The Real Reason Americans Often Associate Pineapples With Hawaii

In the minds of many Americans, pineapples are directly tied to the Hawaiian Islands. The Spruce Eats states that Christopher Columbus had a hand in spreading the golden fruit across the globe after transporting it to Europe from the island of Guadeloupe in the late 1400s, but the pineapple took quite a few journeys across unrelated waters before finding its way into American culinary culture.

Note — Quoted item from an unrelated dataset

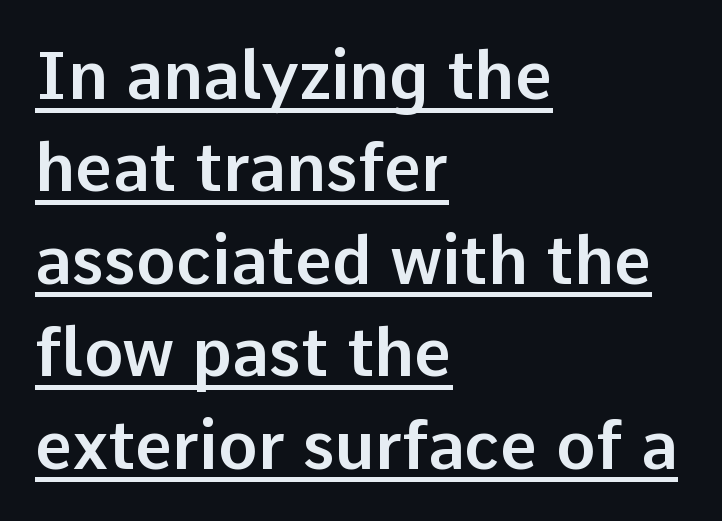
Do the characters align in a grid? No, the font is proportional. Standard letterfit; no display-style spreading of the glyphs. A typesetter would call this leading conventional body-copy spacing. Every word sits above its own underline. The face used here is a sans, in the tradition of grotesques and geometrics.
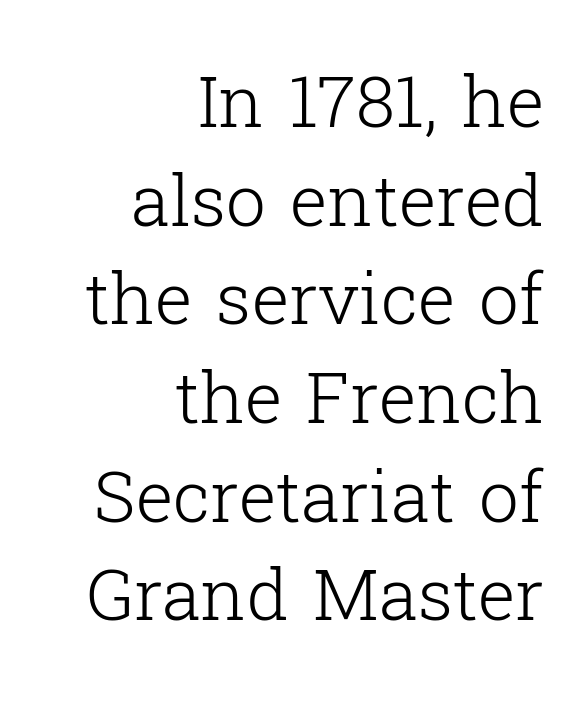
Right-aligned paragraph, ragged on the left. Every character sits straight up, as roman type does. The designer left line spacing at the default. Glance below the letters and you will spot only blank space. Examine the stroke ends and you'll spot serifs.

Botanically named Ananas comosus, the fruit became known as pineapple due to its similarity in appearance to a pine cone. Native to Brazil, Paraguay, and Argentina — not Hawaii – Smithsonian Magazine reports people are not sure who can be credited with introducing the fruit to the area. (The outlet names Don Francisco de Paula Marin as a possible source, a Spanish sailor who provided the first written account of the fruit in the early 1800s.) Regardless of how it got there, the pineapple went on to become one of the most highly prized and expensive fruits in the world (via Historic UK). This didn't escape the notice of young American entrepreneur James Dole, who set his sights on Hawaii's pineapple plants in 1899. (As noted by Smithsonian Magazine, Dole arrived on the pineapple plantation scene just a year after the United States annexed the islands.) Pineapples and Hawaii would become forever intertwined thanks to his passion and marketing know-how.

The persuasive power of pineapple marketing

Though James Dole was only 22 years old when he dove into pineapple infamy, per Smithsonian Magazine, he already knew a thing or two about growing and marketing food. As a newly minted graduate of Harvard University with a degree in business and horticulture, Dole turned a $1000 investment into the Hawaiian Pineapple Company, launching what the Dole Food Company today calls one of America's earliest national consumer advertising initiatives. In partnership with other Hawaiian pineapple growers, he advertised the fruit in magazines nationwide. Dole's efforts paid off — by 1915, he transformed pineapples into the second-largest industry in Hawaii. After buying Lanai Island seven years later, he created what became the largest pineapple plantation in the world, according to Hawaii Magazine. To honor his achievements, the company began adding the Dole name to its products in 1933.

Though the company moved its pineapple-growing operations to the Philippines and elsewhere in the early 1960s, the Hawaiian-born brand continues its strong connection to the islands. Dole still owns almost 3,000 acres of pineapple fields in Wahiawa on the island of Oahu, with the Dole Plantation solidifying its history and influence as a major tourist attraction that hosts a million or more visitors annually.

Described as a former roadside fruit stand, the Dole Plantation site now features attractions like a two-mile train journey, pineapple maze, and garden showcasing tropical fruits and coffee plants. Dole offers fresh pineapples to take home as gifts (available pre-packed and delivered to the airport, shares the Los Angeles Times) perpetuating the fond association of pineapples with The Aloha State.